Table S1a in the Supplemental Material reports the replication findings. Replications 1a and 1b each replicated the main effect of timing: Participants’ postexplanation understanding (Replication 1a: M = 3.61, SE = 0.14; Replication 1b: M = 3.62, SE = 0.12) was lower than their preexplanation understanding (Replication 1a: M = 3.91, SE = 0.14; Replication 1b: M = 3.88, SE = 0.12). Replications 1a and 1b each revealed a main effect of issue number but in the opposite direction from the original: Participants reported greater understanding of the second issue than the first. As in the original experiment, the interaction effects were not significant.
Extremity
In Experiment 2, Fernbach et al. observed their critical main effect of timing: Participants reported less extreme postexplanation positions than preexplanation positions. This replicated their own finding from their Experiment 1. They did not report the main effect of issue number or the timing-by-issue-number interaction.
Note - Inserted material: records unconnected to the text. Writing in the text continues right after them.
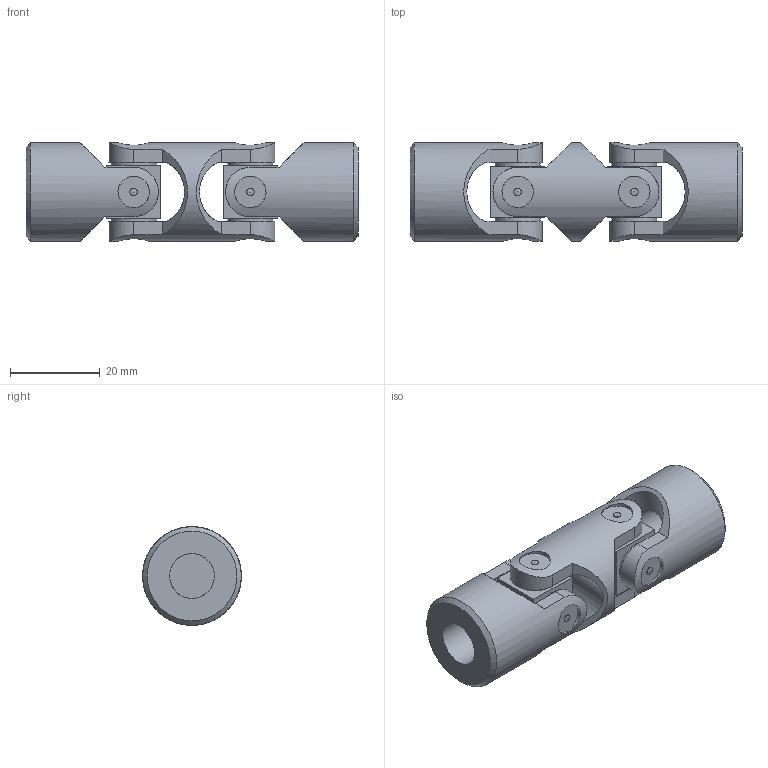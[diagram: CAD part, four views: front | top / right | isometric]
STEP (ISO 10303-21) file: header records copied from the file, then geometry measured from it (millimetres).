
FILE_DESCRIPTION( ( 'STEP AP214' ), '1' );
FILE_NAME( 'SH0D_10000_2_14b.stp', ' ', ( ' ' ), ( ' ' ), 'PSStep 15.0.47', 'PARTsolutions', ' ' );
FILE_SCHEMA( ( 'AUTOMOTIVE_DESIGN { 1 0 10303 214 1 1 1 1 }' ) );
Length unit declared in the file: millimetre
Products named in the file (4): SH0D 10000; HI_03HD-1100; HI_03HD-2; HI_03HD-3
Assembly tree (5 placements, depth 2):
  SH0D 10000
    HI_03HD-1100  x2
    HI_03HD-2  x2
    HI_03HD-3
Bounding box: 74 x 22 x 22 mm (x, y, z)
Volume: 18953.5 mm3; surface area: 10139.1 mm2
Topology: 5 solids, 5 shells, 113 faces, 277 edges, 190 vertices
Faces by surface type: plane 62, cylinder 37, sphere 8, torus 4, cone 2
Full cylindrical faces by diameter (mm): 1.68 x8, 7 x8, 10 x10, 22 x3
Entity records: 3526 total; most frequent: CARTESIAN_POINT 1255, DIRECTION 330, ORIENTED_EDGE 276, EDGE_CURVE 138, AXIS2_PLACEMENT_3D 129, EDGE_LOOP 114, VERTEX_POINT 110, FACE_OUTER_BOUND 95
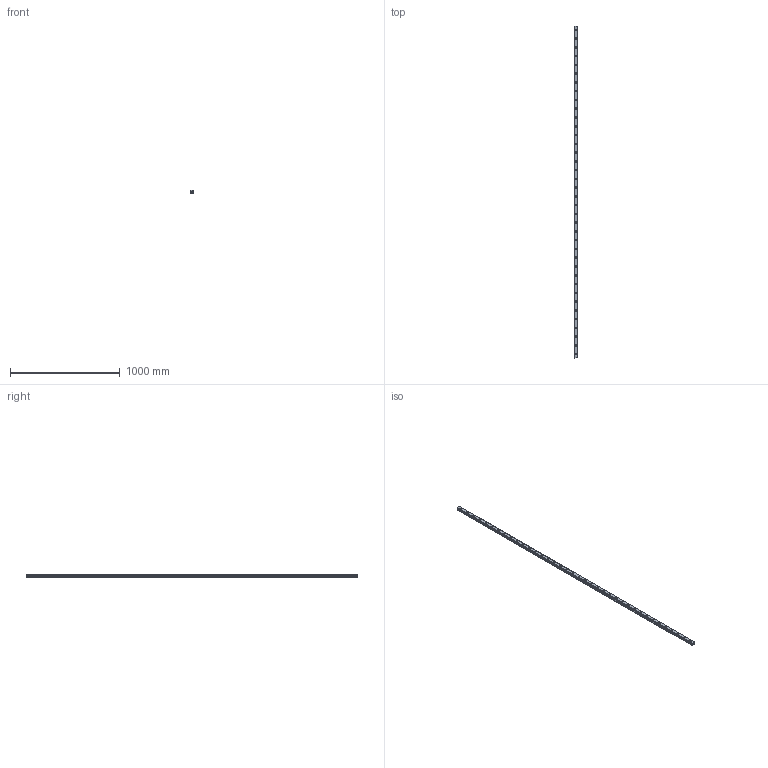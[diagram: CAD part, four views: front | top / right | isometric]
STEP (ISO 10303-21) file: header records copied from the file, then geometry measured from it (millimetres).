
FILE_DESCRIPTION(('STEP AP214'),'1');
FILE_NAME('cctmp_E57B3272-C7D3-492F-B850-49A22B0CDF29_2021_02_17_11_48_28_0039..stp','2021-02-17T10:48:28',('HIWIN GmbH'),('CADClick - www.CADClick.com'),'Spatial InterOp 3D',' ','unknown authorization');
FILE_SCHEMA(('AUTOMOTIVE_DESIGN'));
Length unit declared in the file: millimetre
Products named in the file (1): EGR35R3030C_FILE
Bounding box: 34 x 3030 x 27.5 mm (x, y, z)
Volume: 2385547.9 mm3; surface area: 424736 mm2
Topology: 1 solids, 1 shells, 449 faces, 987 edges, 658 vertices
Faces by surface type: cylinder 246, plane 203
Entity records: 16169 total; most frequent: DIRECTION 2379, CARTESIAN_POINT 2095, ORIENTED_EDGE 1974, EDGE_CURVE 987, AXIS2_PLACEMENT_3D 942, VERTEX_POINT 658, EDGE_LOOP 567, LINE 495
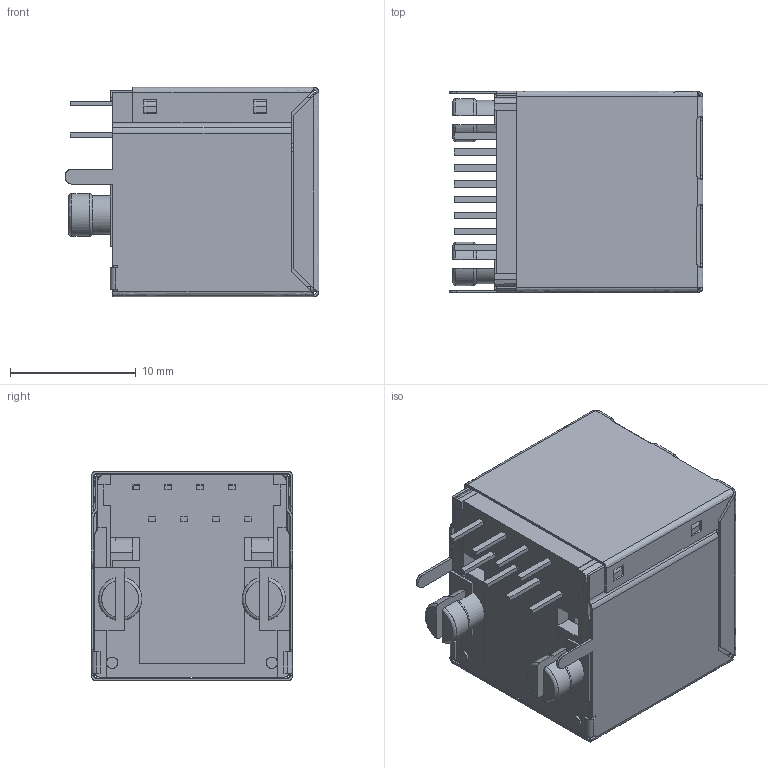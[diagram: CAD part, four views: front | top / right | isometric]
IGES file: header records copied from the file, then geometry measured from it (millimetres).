
Start section: C
Global section: file name: 615008140421.igs; native system: By Siemens PLM Incorporated; preprocessor: XPlus GENERIC/IGES 17.0.49; author: Author; organization: Title; date: 20150331.153910; units: millimetre
Bounding box: 20.2 x 16 x 16.65 mm (x, y, z)
Surface area: 6626.6 mm2 (no closed solid volume)
Topology: 0 solids, 0 shells, 916 faces, 5054 edges, 5050 vertices
Faces by surface type: bspline 916
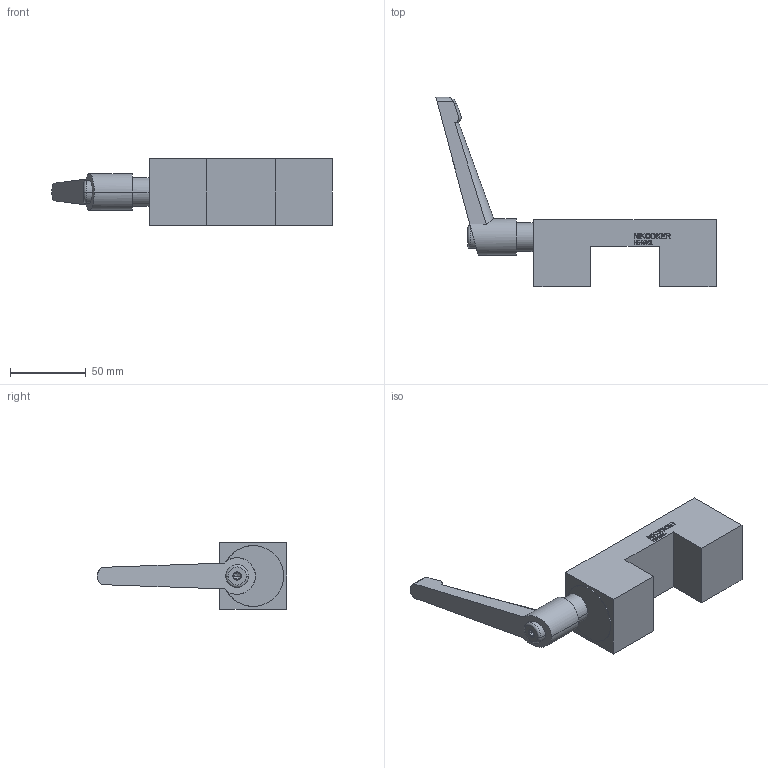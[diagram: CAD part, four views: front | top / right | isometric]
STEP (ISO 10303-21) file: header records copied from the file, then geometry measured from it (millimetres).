
FILE_DESCRIPTION((''),'2;1');
FILE_NAME('NK4501A','2023-07-12T10:57:32',('lx'),(''),'CREO PARAMETRIC BY PTC INC, 2018100','CREO PARAMETRIC BY PTC INC, 2018100','');
FILE_SCHEMA(('CONFIG_CONTROL_DESIGN'));
Length unit declared in the file: millimetre
Products named in the file (1): NK4501A
Bounding box: 184.5 x 124.6 x 44 mm (x, y, z)
Volume: 196395.8 mm3; surface area: 42585.8 mm2
Topology: 1 solids, 4 shells, 387 faces, 1050 edges, 697 vertices
Faces by surface type: plane 332, cylinder 41, cone 10, torus 4
Entity records: 12224 total; most frequent: CARTESIAN_POINT 2458, ORIENTED_EDGE 2090, DIRECTION 1838, EDGE_CURVE 1046, VECTOR 928, LINE 928, VERTEX_POINT 697, AXIS2_PLACEMENT_3D 455
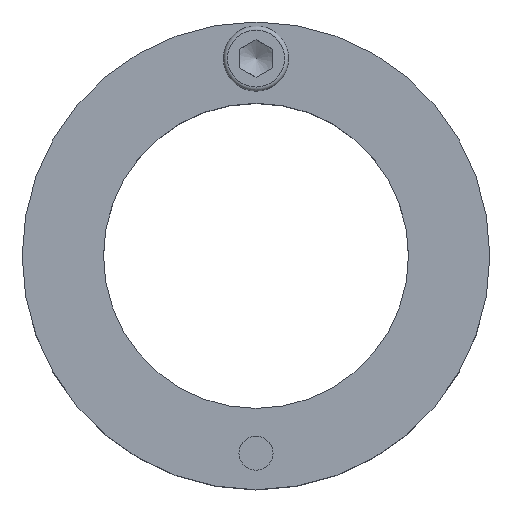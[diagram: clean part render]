
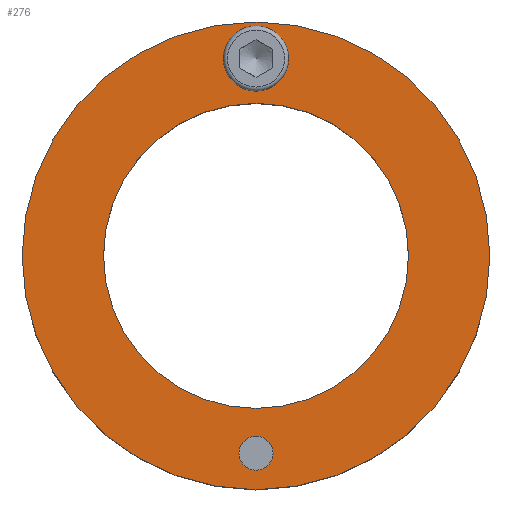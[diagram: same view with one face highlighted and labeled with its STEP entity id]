
A CAD part, top view. The second image highlights one B-rep face of the part: STEP entity #276.
In plain terms, the highlighted planar face has unit normal (0, 0, 1).
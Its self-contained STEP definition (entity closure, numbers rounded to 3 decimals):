
#123=CARTESIAN_POINT('',(4.188,-48.5,40.0));
#124=VERTEX_POINT('',#123);
#125=CARTESIAN_POINT('',(0.,-48.5,40.0));
#126=DIRECTION('',(0.0,0.0,-1.0));
#127=DIRECTION('',(1.0,0.0,0.0));
#128=AXIS2_PLACEMENT_3D('',#125,#126,#127);
#129=CIRCLE('',#128,4.188);
#130=EDGE_CURVE('',#124,#124,#129,.T.);
#151=CARTESIAN_POINT('',(5.5,48.5,40.0));
#152=VERTEX_POINT('',#151);
#153=CARTESIAN_POINT('',(0.0,48.5,40.0));
#154=DIRECTION('',(0.0,0.0,-1.0));
#155=DIRECTION('',(1.0,0.0,0.0));
#156=AXIS2_PLACEMENT_3D('',#153,#154,#155);
#157=CIRCLE('',#156,5.5);
#158=EDGE_CURVE('',#152,#152,#157,.T.);
#179=CARTESIAN_POINT('',(37.5,0.,40.0));
#180=VERTEX_POINT('',#179);
#181=CARTESIAN_POINT('',(0.0,0.0,40.0));
#182=DIRECTION('',(0.0,0.0,-1.0));
#183=DIRECTION('',(-1.0,0.0,0.0));
#184=AXIS2_PLACEMENT_3D('',#181,#182,#183);
#185=CIRCLE('',#184,37.5);
#186=EDGE_CURVE('',#180,#180,#185,.T.);
#247=CARTESIAN_POINT('',(57.5,0.,40.0));
#248=VERTEX_POINT('',#247);
#249=CARTESIAN_POINT('',(0.0,0.0,40.0));
#250=DIRECTION('',(0.0,0.0,-1.0));
#251=DIRECTION('',(-1.0,0.0,0.0));
#252=AXIS2_PLACEMENT_3D('',#249,#250,#251);
#253=CIRCLE('',#252,57.5);
#254=EDGE_CURVE('',#248,#248,#253,.T.);
#259=CARTESIAN_POINT('',(0.0,0.0,40.0));
#260=DIRECTION('',(0.0,0.0,-1.0));
#261=DIRECTION('',(-1.0,0.0,0.0));
#262=AXIS2_PLACEMENT_3D('',#259,#260,#261);
#263=PLANE('',#262);
#264=ORIENTED_EDGE('',*,*,#254,.F.);
#265=EDGE_LOOP('',(#264));
#266=FACE_OUTER_BOUND('',#265,.T.);
#267=ORIENTED_EDGE('',*,*,#130,.T.);
#268=EDGE_LOOP('',(#267));
#269=FACE_BOUND('',#268,.T.);
#270=ORIENTED_EDGE('',*,*,#158,.T.);
#271=EDGE_LOOP('',(#270));
#272=FACE_BOUND('',#271,.T.);
#273=ORIENTED_EDGE('',*,*,#186,.T.);
#274=EDGE_LOOP('',(#273));
#275=FACE_BOUND('',#274,.T.);
#276=ADVANCED_FACE('',(#266,#269,#272,#275),#263,.F.);

Table S1b in the Supplemental Material shows that the critical main effect of timing was not replicated; there were no significant differences in preexplanation extremity ratings (Replication 1a: M = 1.40, SE = 0.08; Replication 1b: M = 1.44, SE = 0.07) relative to postexplanation extremity ratings (Replication 1a: M = 1.44, SE = 0.08; Replication 1b: M = 1.48, SE = 0.07). Again, there was the unexpected main effect of issue number, along with a small timing-by-issue-number interaction on extremity in both replications. Follow-up analyses revealed that there was a significant increase in extremity on the second issue (ps = .034 and .032 for Replications 1a and 1b, respectively). Although there was somewhat less extremity on the first issue, these differences were not significant (ps = .298 and .210 for Replications 1a and 1b, respectively).
Reasons condition only
Understanding
Fernbach et al. reported a main effect of timing: Understanding decreased after participants provided reasons. Table S1c in the Supplemental Material shows that a main effect of timing was not observed in Replication 1a; there was no significant difference in preexplanation understanding ratings (M = 3.85, SE = 0.12) relative to postexplanation understanding ratings (M = 3.86, SE = 0.12). There was a significant main effect of timing in Replication 1b but in the opposite direction from the original: Postexplanation understanding (M = 4.10, SE = 0.12) was higher than preexplanation understanding (M = 3.95, SE = 0.12). The unexpected main effect of issue number was again observed. There was no timing-by-issue-number interaction.
Extremity
Fernbach et al. reported that the main effect of timing was not significant in the reasons condition. Inconsistent with the result of the original experiment, our findings showed main effects of timing, indicating that postexplanation extremity ratings were higher (Replication 1a: M = 1.59, SE = 0.07; Replication 1b: M = 1.62, SE = 0.06) than preexplanation extremity ratings (Replication 1a: M = 1.49, SE = 0.07; Replication 1b: M = 1.51, SE = 0.06; see Table S1d in the Supplemental Material). The effect of issue number was statistically significant in Replication 1a (p < .001) but not Replication 1b (p = .094). There were no significant timing-by-issue-number interactions in either replication. 3
Mixed models
In the mixed models, Fernbach et al. reported significant timing-by-condition interactions on both understanding and extremity: Decreased postexplanation understanding and extremity ratings were more pronounced in the mechanistic condition than in the reasons condition. A timing-by-condition interaction on understanding emerged in both replications—Replication 1a: F(1, 299) = 6.62, p = .011, η p 2 = .02; Replication 1b: F(1, 374) = 15.31, p < .001, η p 2 = .04—suggesting that the manipulation did influence reported understanding as expected. However, the critical timing-by-condition interaction on extremity did not emerge in either replication—Replication 1a: F(1, 293) = 0.66, p = .416, η p 2 = .002; Replication 1b: F(1, 371) = 1.76, p = .185, η p 2 = .005. No other interactions (including the timing-by-issue-number-by-condition interactions) were significant in the replications.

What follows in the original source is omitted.